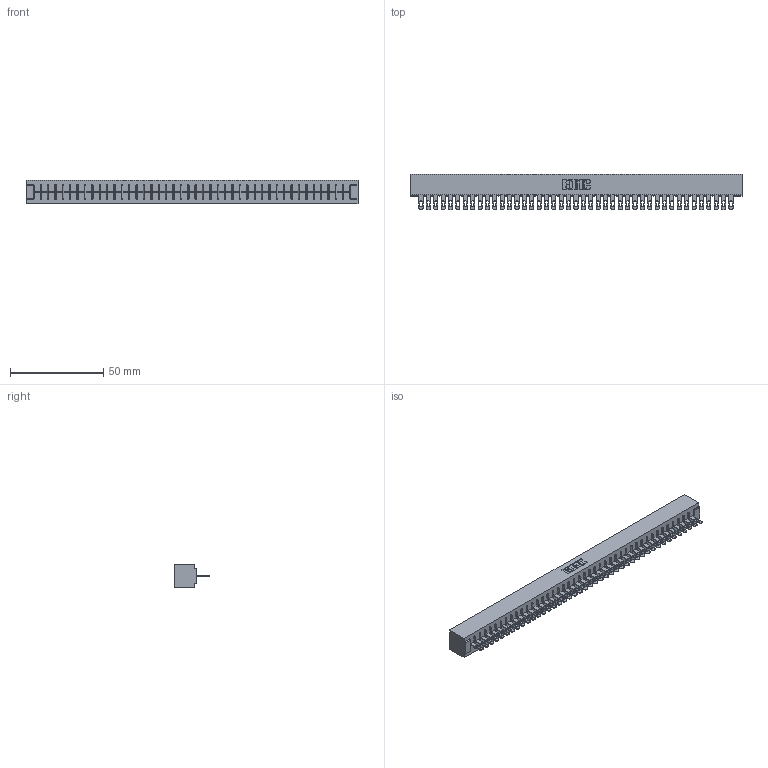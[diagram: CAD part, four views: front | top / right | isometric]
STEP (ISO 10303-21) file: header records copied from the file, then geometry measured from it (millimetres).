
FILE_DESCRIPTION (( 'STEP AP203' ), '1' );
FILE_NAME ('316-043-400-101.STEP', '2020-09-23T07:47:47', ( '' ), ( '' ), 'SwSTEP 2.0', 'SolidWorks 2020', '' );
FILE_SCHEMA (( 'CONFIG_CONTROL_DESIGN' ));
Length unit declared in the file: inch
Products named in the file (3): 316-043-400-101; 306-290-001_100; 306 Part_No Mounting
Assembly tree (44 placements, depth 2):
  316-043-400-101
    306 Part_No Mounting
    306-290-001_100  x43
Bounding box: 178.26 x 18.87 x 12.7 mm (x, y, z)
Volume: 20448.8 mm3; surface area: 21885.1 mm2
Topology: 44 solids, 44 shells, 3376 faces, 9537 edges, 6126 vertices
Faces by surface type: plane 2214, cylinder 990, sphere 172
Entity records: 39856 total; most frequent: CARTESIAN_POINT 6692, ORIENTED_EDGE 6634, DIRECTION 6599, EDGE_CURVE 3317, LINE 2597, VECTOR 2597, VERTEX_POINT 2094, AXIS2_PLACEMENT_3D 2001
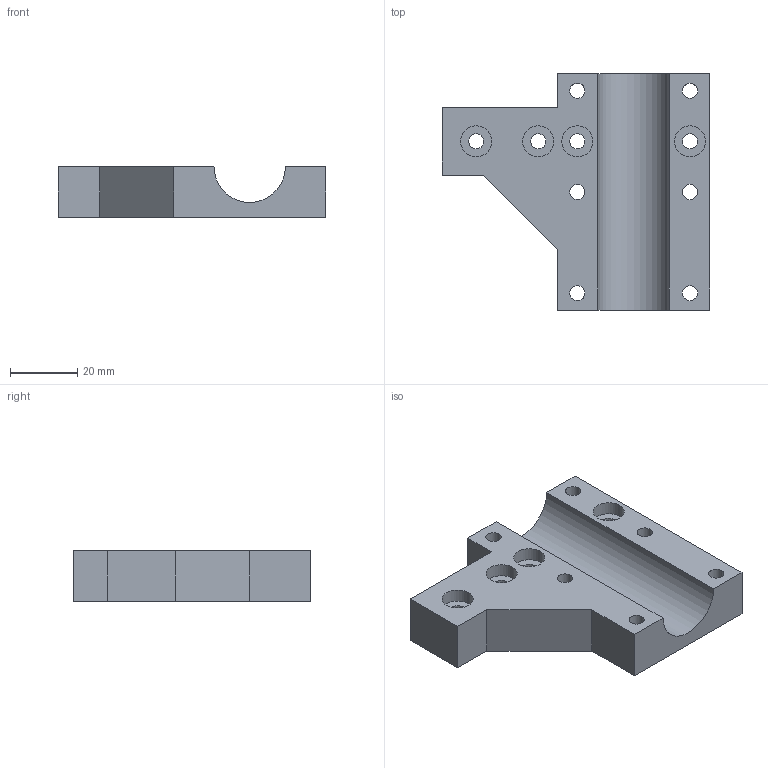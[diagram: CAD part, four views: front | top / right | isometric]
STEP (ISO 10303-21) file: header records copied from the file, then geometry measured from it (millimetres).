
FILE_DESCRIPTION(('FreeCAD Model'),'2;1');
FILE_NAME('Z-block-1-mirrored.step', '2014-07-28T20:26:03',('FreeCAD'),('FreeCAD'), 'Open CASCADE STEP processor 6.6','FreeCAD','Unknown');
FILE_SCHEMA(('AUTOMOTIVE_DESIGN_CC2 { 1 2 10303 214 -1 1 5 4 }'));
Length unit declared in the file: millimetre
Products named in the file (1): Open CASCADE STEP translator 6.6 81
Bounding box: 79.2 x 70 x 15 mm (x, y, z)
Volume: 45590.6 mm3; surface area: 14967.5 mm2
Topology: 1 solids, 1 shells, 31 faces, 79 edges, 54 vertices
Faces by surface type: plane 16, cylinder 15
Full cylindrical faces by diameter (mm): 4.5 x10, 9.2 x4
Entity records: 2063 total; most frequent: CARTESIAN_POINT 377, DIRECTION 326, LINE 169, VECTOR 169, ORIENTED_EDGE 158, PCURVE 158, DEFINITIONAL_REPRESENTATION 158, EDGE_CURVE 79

==*==

== ASSIGNMENT ==
The whole listing should be printed again exactly as written, images excluded.

== WRITTEN RESPONSE ==
[diagram: CAD part, four views: front | top / right | isometric]
STEP (ISO 10303-21) file: header records copied from the file, then geometry measured from it (millimetres).
FILE_DESCRIPTION (( 'STEP AP203' ), '1' );
FILE_NAME ('316-043-400-101.STEP', '2020-09-23T07:47:47', ( '' ), ( '' ), 'SwSTEP 2.0', 'SolidWorks 2020', '' );
FILE_SCHEMA (( 'CONFIG_CONTROL_DESIGN' ));
Length unit declared in the file: inch
Products named in the file (3): 316-043-400-101; 306-290-001_100; 306 Part_No Mounting
Assembly tree (44 placements, depth 2):
  316-043-400-101
    306 Part_No Mounting
    306-290-001_100  x43
Bounding box: 178.26 x 18.87 x 12.7 mm (x, y, z)
Volume: 20448.8 mm3; surface area: 21885.1 mm2
Topology: 44 solids, 44 shells, 3376 faces, 9537 edges, 6126 vertices
Faces by surface type: plane 2214, cylinder 990, sphere 172
Entity records: 39856 total; most frequent: CARTESIAN_POINT 6692, ORIENTED_EDGE 6634, DIRECTION 6599, EDGE_CURVE 3317, LINE 2597, VECTOR 2597, VERTEX_POINT 2094, AXIS2_PLACEMENT_3D 2001
[diagram: CAD part, four views: front | top / right | isometric]
STEP (ISO 10303-21) file: header records copied from the file, then geometry measured from it (millimetres).
FILE_DESCRIPTION(('FreeCAD Model'),'2;1');
FILE_NAME('Z-block-1-mirrored.step', '2014-07-28T20:26:03',('FreeCAD'),('FreeCAD'), 'Open CASCADE STEP processor 6.6','FreeCAD','Unknown');
FILE_SCHEMA(('AUTOMOTIVE_DESIGN_CC2 { 1 2 10303 214 -1 1 5 4 }'));
Length unit declared in the file: millimetre
Products named in the file (1): Open CASCADE STEP translator 6.6 81
Bounding box: 79.2 x 70 x 15 mm (x, y, z)
Volume: 45590.6 mm3; surface area: 14967.5 mm2
Topology: 1 solids, 1 shells, 31 faces, 79 edges, 54 vertices
Faces by surface type: plane 16, cylinder 15
Full cylindrical faces by diameter (mm): 4.5 x10, 9.2 x4
Entity records: 2063 total; most frequent: CARTESIAN_POINT 377, DIRECTION 326, LINE 169, VECTOR 169, ORIENTED_EDGE 158, PCURVE 158, DEFINITIONAL_REPRESENTATION 158, EDGE_CURVE 79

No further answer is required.